祁和無辜回望,好像自己真的人畜無害:“為什麽我就一定要是想得到什麽呢?”
祁同懂了:“你在拖延時間。”
祁和沒說是,也沒說不是,只是道:“我真的想不明白,明知道宸王會輸,你為什麽還要與他合作?”這與四九年投了國民黨有什麽區別?
祁同也決定對祁和坦誠一點,或者說是對自己坦誠一點:“大概是因為不甘心吧。”
不甘心看着祁和得到一切,看着祁和功成名就,看着祁和呼風喚雨,而他在隐姓埋名多年後的今天,早已經沒有了姓名。更直白點說,就是嫉妒作祟。人是很難會去嫉妒與自己差距巨大且毫無關系的人的,他們嫉妒的往往只會是與自己差不多、又與自己關系相近的人。好比祁同對祁和。
同樣是祁家的兒子,祁和卻總能在爹娘去後,得到姜老夫人與女天子更多的關注。
後來更是成了什麽宛丘四公子,海內留名。
但是,憑什麽呢?
“好吧。
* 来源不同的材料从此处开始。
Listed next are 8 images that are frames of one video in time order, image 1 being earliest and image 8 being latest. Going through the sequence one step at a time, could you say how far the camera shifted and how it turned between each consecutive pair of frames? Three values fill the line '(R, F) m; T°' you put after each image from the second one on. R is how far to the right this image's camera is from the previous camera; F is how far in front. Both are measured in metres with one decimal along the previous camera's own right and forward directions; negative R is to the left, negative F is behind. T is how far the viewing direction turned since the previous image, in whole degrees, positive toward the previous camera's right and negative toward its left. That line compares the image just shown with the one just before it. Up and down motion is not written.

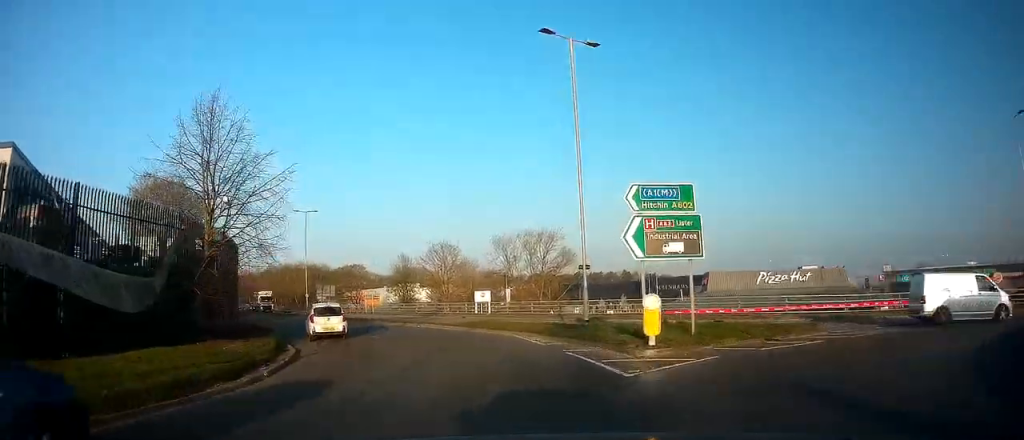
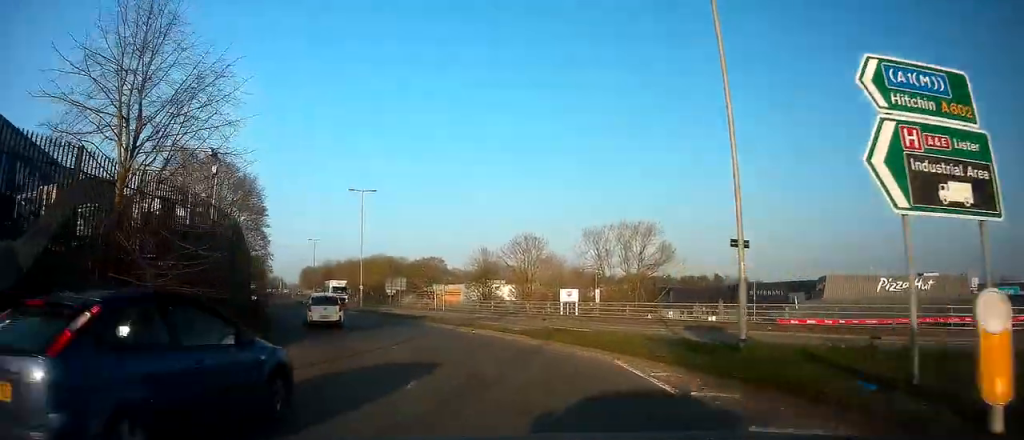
(+0.2, +8.2) m; -2°
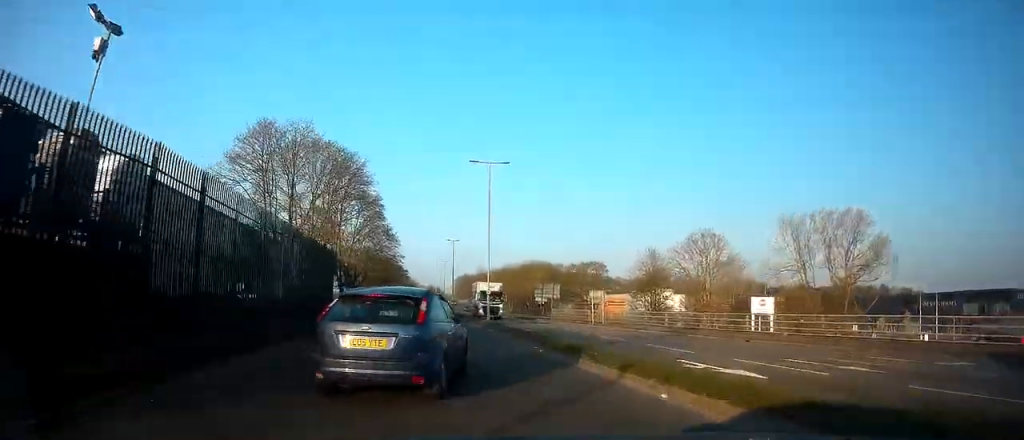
(-0.7, +12.5) m; -5°
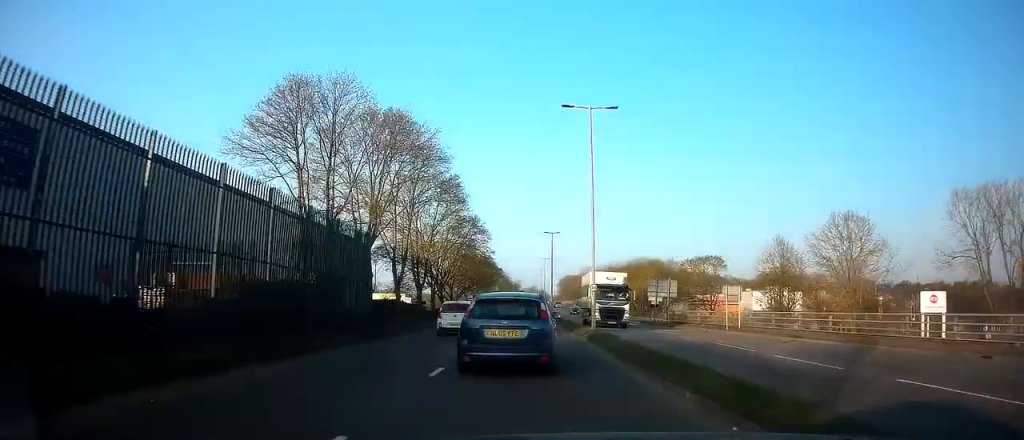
(-0.4, +10.6) m; -4°
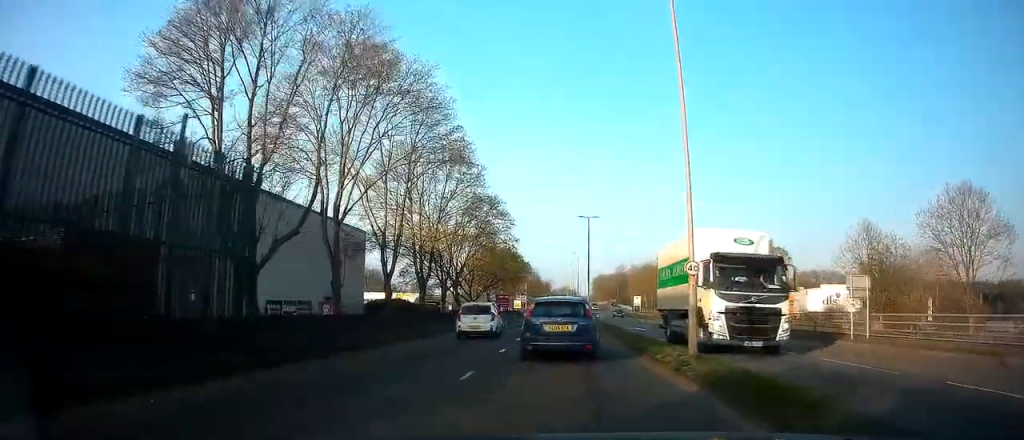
(-0.5, +11.7) m; -4°
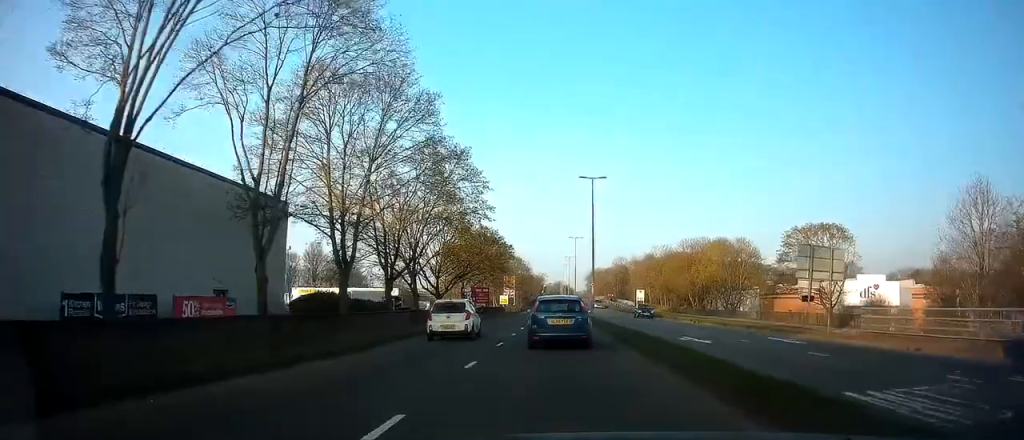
(-0.7, +15.9) m; -3°
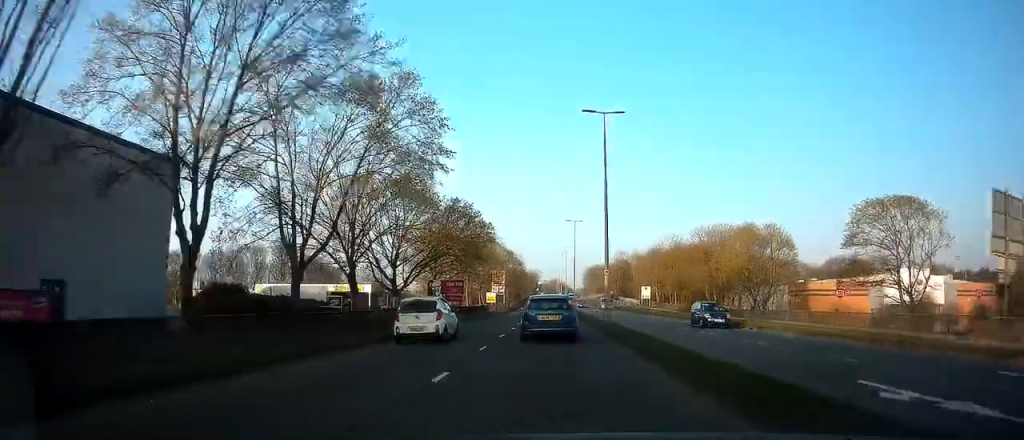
(-0.2, +13.4) m; -1°
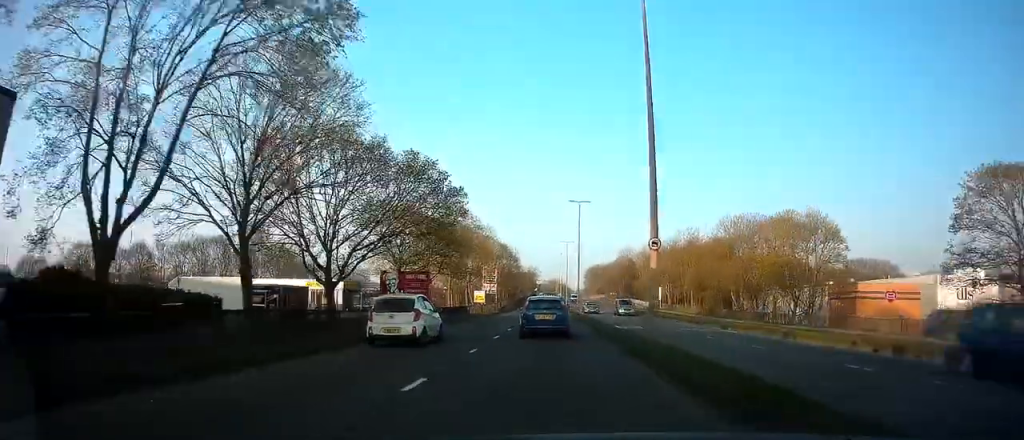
(+0.2, +13.2) m; -3°

”祁和懂了,誰還不能有個夢想了呢,“只是,答應我好嗎?下次做夢的時候,找個靠譜一點的合作夥伴。”
“我還有下一次?”祁同嗤笑,眼前這個情況,他能不能活過明天,都在兩說之間。
“當然,如果你幫我的話。”祁和道。這才是他真正的目的,在這種危急時刻,團結一切可以團結的力量,畢竟他還有個師兄謝望在等着他去拯救呢。
書生在這種時候真的很弱雞。
“呵。”祁同笑的更加嘲諷了,他算是明白了祁和巧舌如簧背後所求的是什麽,“你以為我傻嗎?”
祁和也不怕被祁同意識到自己的目的,他只是很真誠的對祁同發出了邀請:“所以,要換個搭檔嗎?我覺得我這個人運氣一直蠻好的,口碑也不錯,很守誠信,至少比宸王好,好到會讓親哥嫉妒的那種。”
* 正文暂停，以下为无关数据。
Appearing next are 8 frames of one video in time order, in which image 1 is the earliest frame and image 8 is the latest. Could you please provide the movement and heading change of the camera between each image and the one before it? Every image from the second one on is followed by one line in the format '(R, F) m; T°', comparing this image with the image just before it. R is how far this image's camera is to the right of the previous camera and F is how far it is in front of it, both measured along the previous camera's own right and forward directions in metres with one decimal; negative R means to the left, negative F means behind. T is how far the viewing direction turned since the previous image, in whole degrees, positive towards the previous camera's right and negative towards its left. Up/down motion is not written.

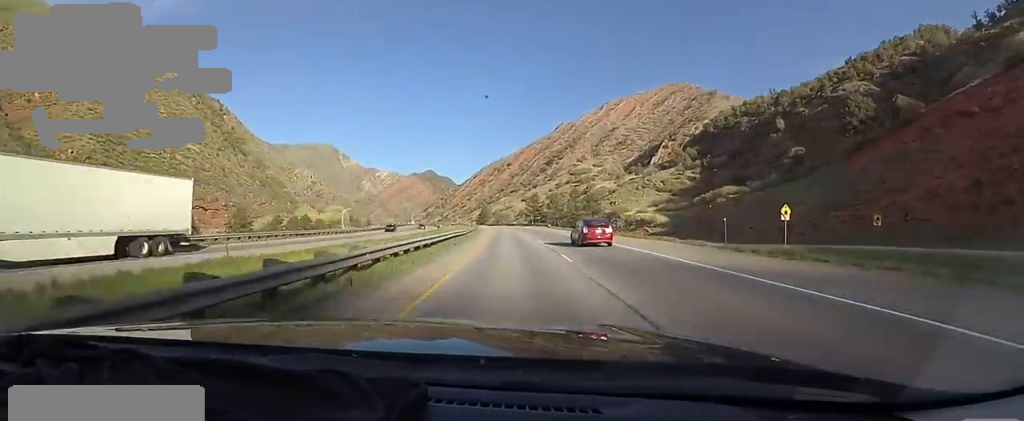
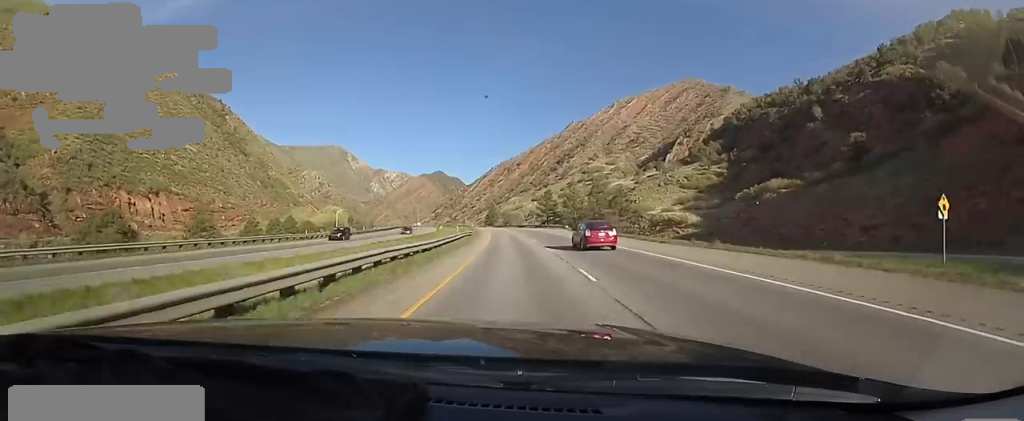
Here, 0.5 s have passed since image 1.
(-0.1, +16.4) m; -1°
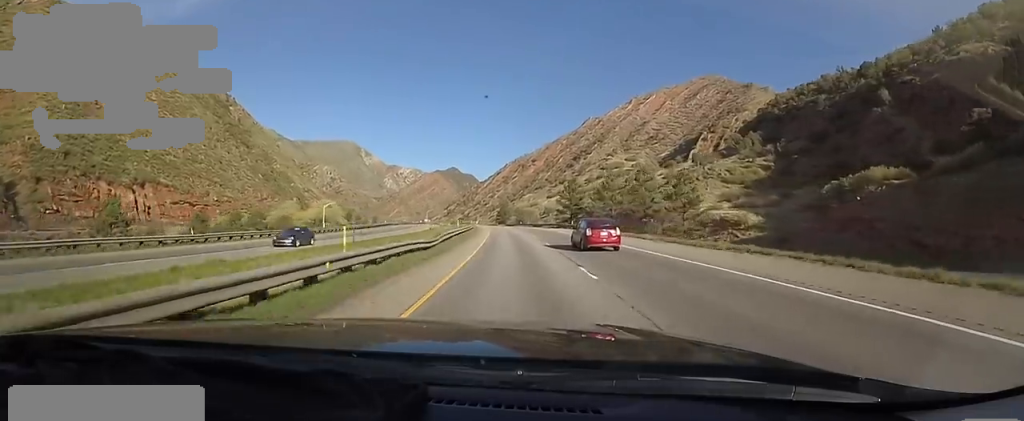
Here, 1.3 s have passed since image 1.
(-0.4, +23.7) m; -1°
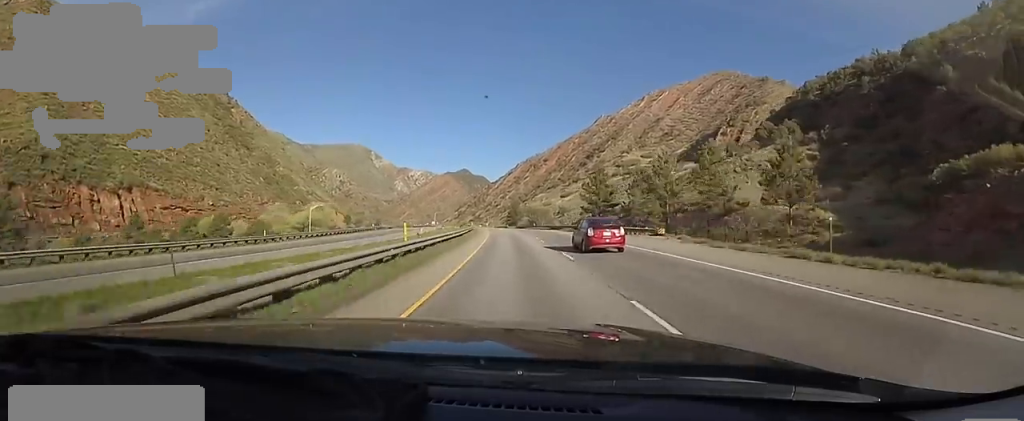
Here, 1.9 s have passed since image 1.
(-0.1, +18.7) m; -2°
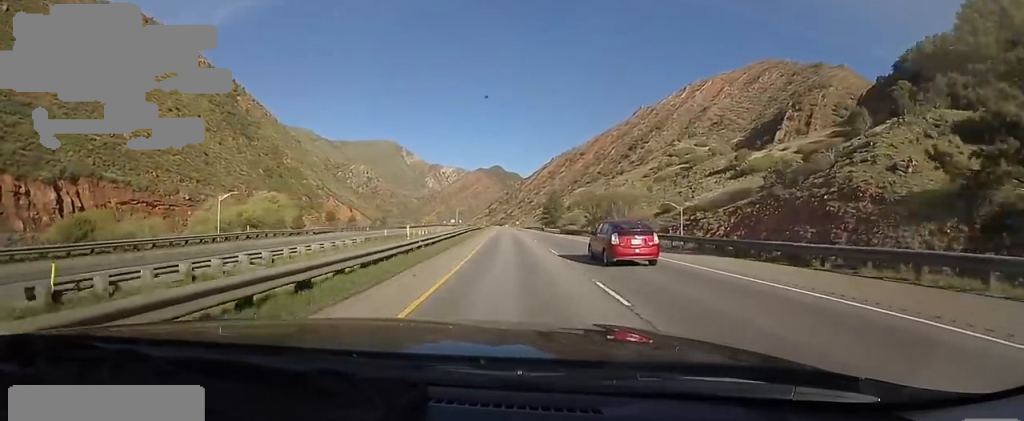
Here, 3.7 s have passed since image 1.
(-3.1, +56.9) m; -5°
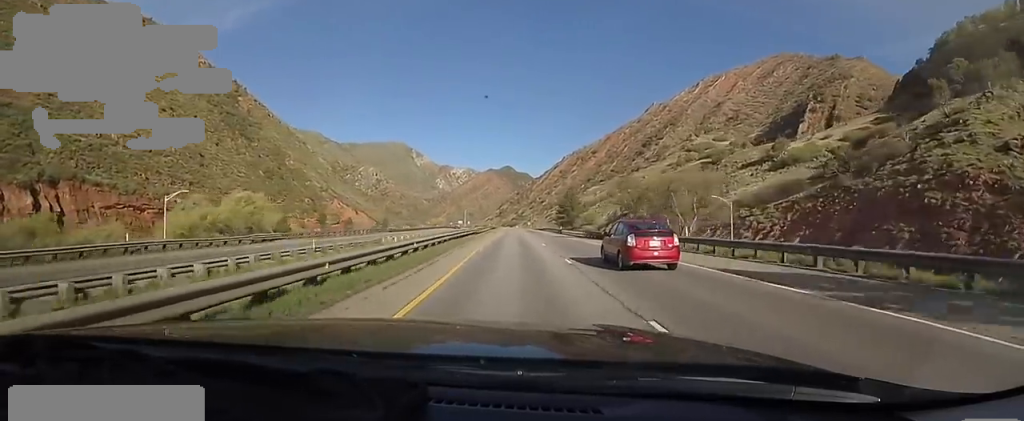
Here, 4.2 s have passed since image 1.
(0.0, +17.1) m; 0°
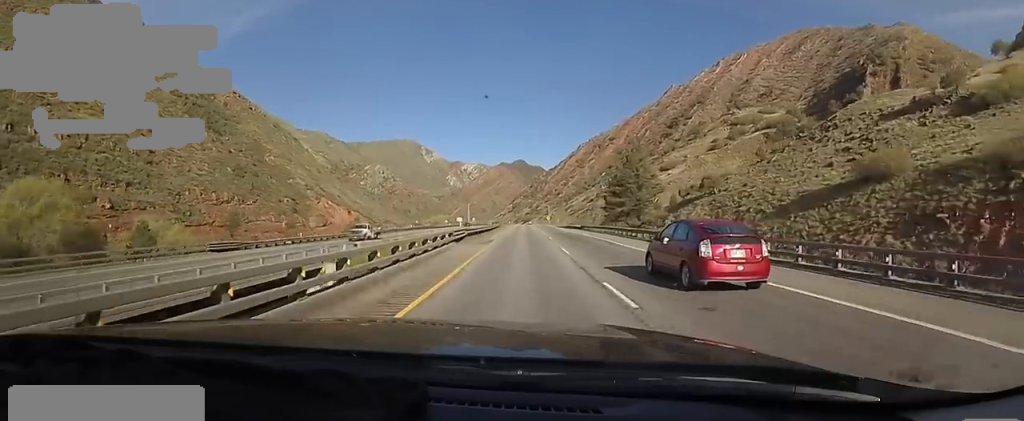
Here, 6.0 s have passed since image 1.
(-1.8, +57.8) m; -3°
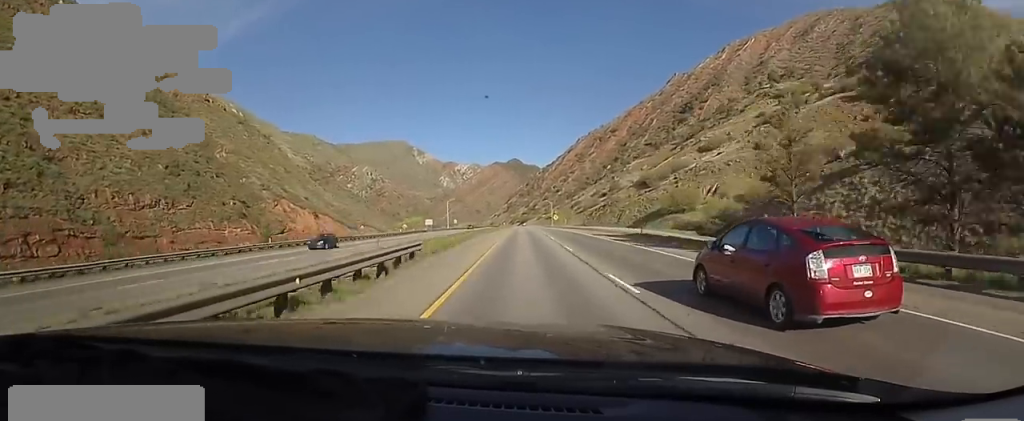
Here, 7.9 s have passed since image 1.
(+1.6, +59.6) m; +1°

祁同幾經掙紮,終還是嘆了一口氣,無力的辯了句:“都說了,不是親哥啊。”
總之,祁和成功再次策反祁同。說實話,這真的一點都不應該覺得意外。像祁同這種主意總是變來變去的人,他既然能動搖倒戈,自然也能倒回來,就,在正常人與二五仔之間來回反複橫跳。不能說人之常情,只能說是祁同的邏輯自洽,他就是這麽一個人。
也不知道是宸王自持武功高強,還是怎樣,搞這麽一出大戲,院子裏竟沒有留任何他自己的人,現在就只有他和司徒器戰了個難舍難分。
也就給了祁同與祁和機會,一點一點的向謝望挪動。
謝望也很懂的開始配合着自救。
一直到謝望的繩子被解開,宸王才發現了他的計劃已經徹底亂了。他想要抽身來控制,卻被司徒器給纏住了:“瞧不起誰呢?!”司徒器與宸王水平相當,宸王全神貫注才有可能戰下去,一旦分神,結果就是被司徒器偷了一劍,鮮血直,讓他再顧不上想什麽謝望祁和。
“所以,接下來我們怎麽辦?”祁同被宸王剛剛那狠厲的一眼吓到了。
祁和與謝望同時回:“等。”
所以,果然還是拖延戰術啊。其實也很好猜,祁和自之前被軟禁的事情發生之後,就再沒有讓婢女霜月離過自己的身,哪怕是和司徒器在一起的時候。祁同有些拳腳功夫,但終究也就是比普通人好一點,他能夠如此輕松的綁下祁和,幾乎是一件不可能的事情。
除非霜月不在。
而霜月去做什麽了呢?
自然是搬救兵啊。祁和在門外時,就感覺到了裏面的不對勁兒,司徒器去殺人,不可能耽誤那麽長時間。所以,肯定是出事了。
祁和一直在等的,就是霜月搬救兵回來。
說時遲那時快,不等祁和再多解釋什麽,腳程極快的霜月,就已經帶着人馬趕了回來,将王賢府圍了個水洩不通。霜月的武功不如司徒器也不如宸王,但是當她幫助司徒器對付宸王時,卻會對整個局面産生翻天覆地的改變。
宸王雙拳難敵四手,忍不住大罵了句:“無恥!說好的你我比試呢?”
司徒器不以為恥,反以為榮:“呸,誰和你說好的。”有人不用,他才是傻了好嗎?反派才喜歡單打獨鬥,注定會勝利的主角,往往會選擇圍毆!
換個好聽的說法就是團結。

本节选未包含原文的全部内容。